## PROBLEM TO WORK ON
Every line in the data below has to be repeated exactly; no picture belongs in the result.

## SOURCE DATA
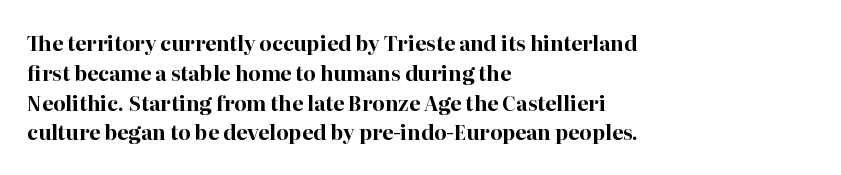
The image shows 20 px bold type, upright; set left-aligned, normal line spacing (1.49x), normal letter spacing, not underlined.
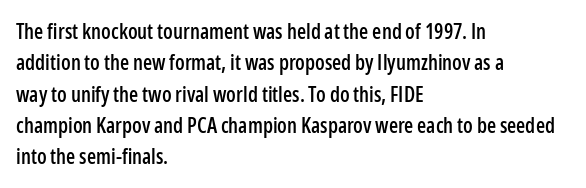
Q: Is the text italic (slanted)? A: No, it is upright.
Q: Is the text underlined? A: No.
Q: How is the paragraph aligned? A: Left-aligned.
Q: Is the spacing between letters normal or unusually wide? A: Normal.
Q: Is the spacing between lines tight, normal or loose? A: Normal.
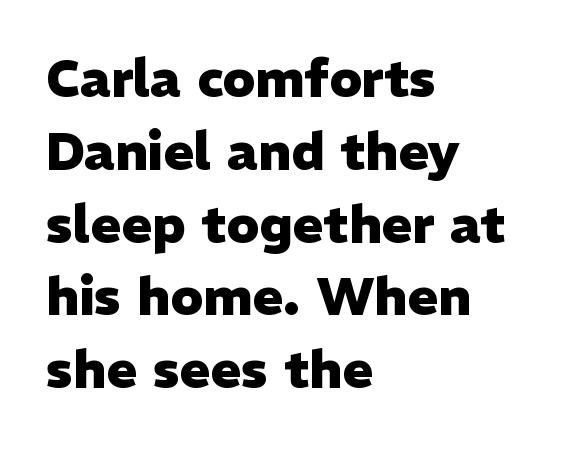
Lines of text with bare space underneath. Plenty of ink on the page — the face is bold. The letters sit at their default tracking, neither squeezed nor spread. This sample is left-justified, so line endings fall wherever the words run out. If you measured baseline to baseline, you'd find a middling distance. Nothing sits at the stroke ends, so this counts as sans-serif.

## FINISHED EXERCISE
The image shows 20 px bold type, upright; set left-aligned, normal line spacing (1.49x), normal letter spacing, not underlined.
Q: Is the text italic (slanted)? A: No, it is upright.
Q: Is the text underlined? A: No.
Q: How is the paragraph aligned? A: Left-aligned.
Q: Is the spacing between letters normal or unusually wide? A: Normal.
Q: Is the spacing between lines tight, normal or loose? A: Normal.
Lines of text with bare space underneath. Plenty of ink on the page — the face is bold. The letters sit at their default tracking, neither squeezed nor spread. This sample is left-justified, so line endings fall wherever the words run out. If you measured baseline to baseline, you'd find a middling distance. Nothing sits at the stroke ends, so this counts as sans-serif.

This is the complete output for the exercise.